La repressione di Erdogan dentro e fuori i confini turchi

di Shorsh Surme

Siamo a oltre un anno dal golpe fasullo architettato dal “sultano”Recep Tayyp Erdogan per fare piazza pulita dei suoi oppositori. Dal 15 luglio 2016 sono state arrestate in Turchia oltre 50mila persone, mentre più di 110mila impiegati statali sono stati licenziati con l’accusa di essere stati coinvolti nel tentativo di golpe.

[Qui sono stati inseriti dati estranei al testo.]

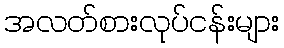
အလတ်စားလုပ်ငန်းများ
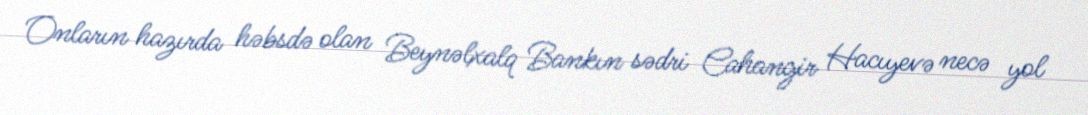
Onların hazırda həbsdə olan Beynəlxalq Bankın sədri Cahangir Hacıyevə necə yol
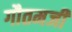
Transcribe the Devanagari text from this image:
गौतमजी
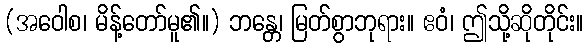
(အဝေါစ၊ မိန့်တော်မူ၏။) ဘန္တေ၊ မြတ်စွာဘုရား။ ဧဝံ၊ ဤသို့ဆိုတိုင်း။
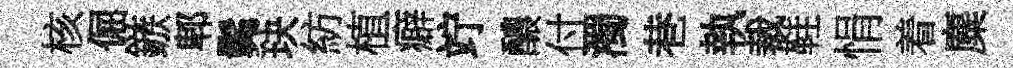
核倔鏃郫髴玦紡植癖竚醲付濁巷執裁鞋悁着麋
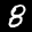
Label: 8
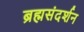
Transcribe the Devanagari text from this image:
ब्रह्मसंदर्शन
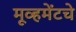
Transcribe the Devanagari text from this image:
मूव्हमेंटचे
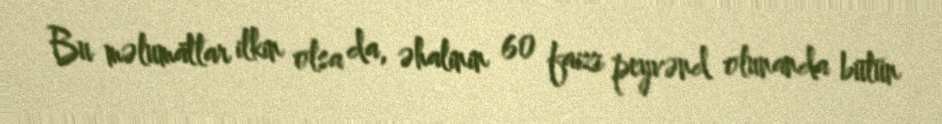
Bu məlumatlar ilkin olsa da, əhalinin 60 faizi peyvənd olunanda bütün
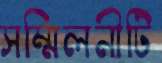
সম্মিলনীটি
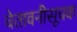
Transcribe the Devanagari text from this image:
चेतावनीसूचक
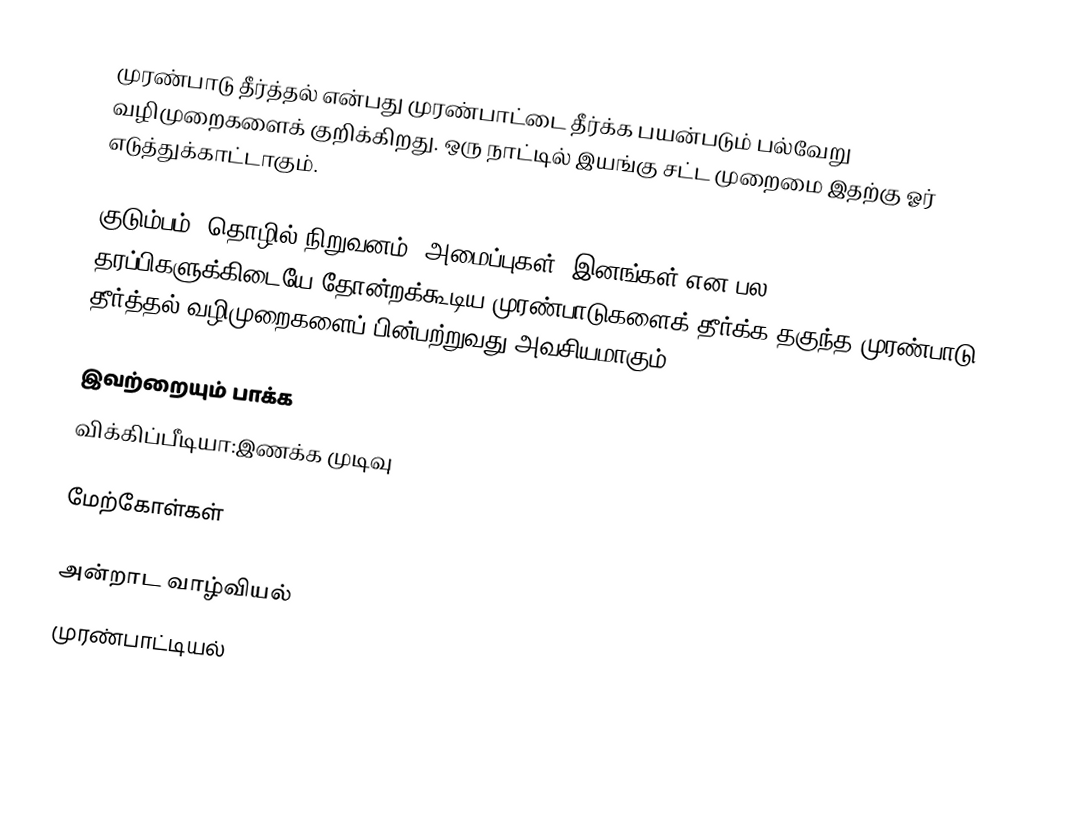
முரண்பாடு தீர்த்தல் என்பது முரண்பாட்டை தீர்க்க பயன்படும் பல்வேறு வழிமுறைகளைக் குறிக்கிறது. ஒரு நாட்டில் இயங்கு சட்ட முறைமை இதற்கு ஓர் எடுத்துக்காட்டாகும்.

குடும்பம், தொழில் நிறுவனம், அமைப்புகள், இனங்கள் என பல தரப்பிகளுக்கிடையே தோன்றக்கூடிய முரண்பாடுகளைக் தீர்க்க தகுந்த முரண்பாடு தீர்த்தல் வழிமுறைகளைப் பின்பற்றுவது அவசியமாகும்.

இவற்றையும் பாக்க
 விக்கிப்பீடியா:இணக்க முடிவு

மேற்கோள்கள்

அன்றாட வாழ்வியல்
முரண்பாட்டியல்

Tra gli arrestati ci sono anche giornalisti, perché fare il mestiere di operatore dell’informazione in Turchia significa mettere a rischio la propria vita. Sono infatti 35 i giornalisti arrestati con l’accusa anche di terrorismo.

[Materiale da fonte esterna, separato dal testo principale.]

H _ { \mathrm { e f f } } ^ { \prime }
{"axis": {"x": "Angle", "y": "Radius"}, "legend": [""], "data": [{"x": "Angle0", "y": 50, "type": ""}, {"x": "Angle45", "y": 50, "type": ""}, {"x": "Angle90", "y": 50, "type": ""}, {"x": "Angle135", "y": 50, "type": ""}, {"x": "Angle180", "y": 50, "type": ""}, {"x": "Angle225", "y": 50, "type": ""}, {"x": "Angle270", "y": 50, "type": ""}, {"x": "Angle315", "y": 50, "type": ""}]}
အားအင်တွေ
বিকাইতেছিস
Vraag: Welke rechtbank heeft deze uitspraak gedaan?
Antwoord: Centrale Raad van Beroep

In realtà l’unica colpa dei giornalisti è stata quella di divulgare tutto quello che riguardava il rapporto tra Erdogan, i tagliagole dell’Isis e la repressione nei confronti della popolazione curda.
Dal luglio 2015, dopo la tregua tra il governo turco e i curdi che aveva dato la speranza ai 20 milioni di membri di quella popolazione per una soluzione pacifica alla questione curda, il presidente Recep Tayyip Erdogan ha violato la sospensione delle ostilità ed ha bombardato le basi del Partito dei Lavoratori del Kurdistan, meglio conosciuto come Pkk. Nel Kurdistan dell’Iraq questa mossa del “sultano” era vista come legata a questioni di politica interna, dal momento che allora l’Akp, il partito di Erdogan, non aveva ottenuto la maggioranza assoluta dei seggi nelle elezioni politiche del giugno 2015 ed anzi, vi era stato l’ingresso di un partito curdo, il Partito Democratico dei Popoli (Hdp) in Parlamento. Questa situazione non è andato giù a Erdogan e al suo partito, per cui hanno cercato in tutti modi di mettere fuori gioco il partito curdo. Infatti hanno arrestato il presidente Selahattin Demirtaş e il suo copresidente, la deputata Figen Yüksekdag, ed insieme a loro sono finiti in manette tutti i principali dirigenti del partito, Süraya Önder, Gülser Yildirim, Selma Irmak, Ziya Pir, Ali Aslan, Leyla Birlik, Ferhat Encü e Nursel Aydogan. E non solo, Erdogan minaccia tutti i giorni sia i curdi del Kurdistan dell’Iraq (Kurdistan del Sud) per aver fissato la data del referendum sull’indipendenza del Kurdistan al 25 settembre prossimo, sia il Kurdistan della Siria (Rojawa) per la creazione di un governo locale curdo che sta proteggendo la popolazione curda e che sta combattendo con lo Stato Islamico, l’Isis.
Tutto questo stata passando sotto il silenzio totale dell’Europa e della Nato.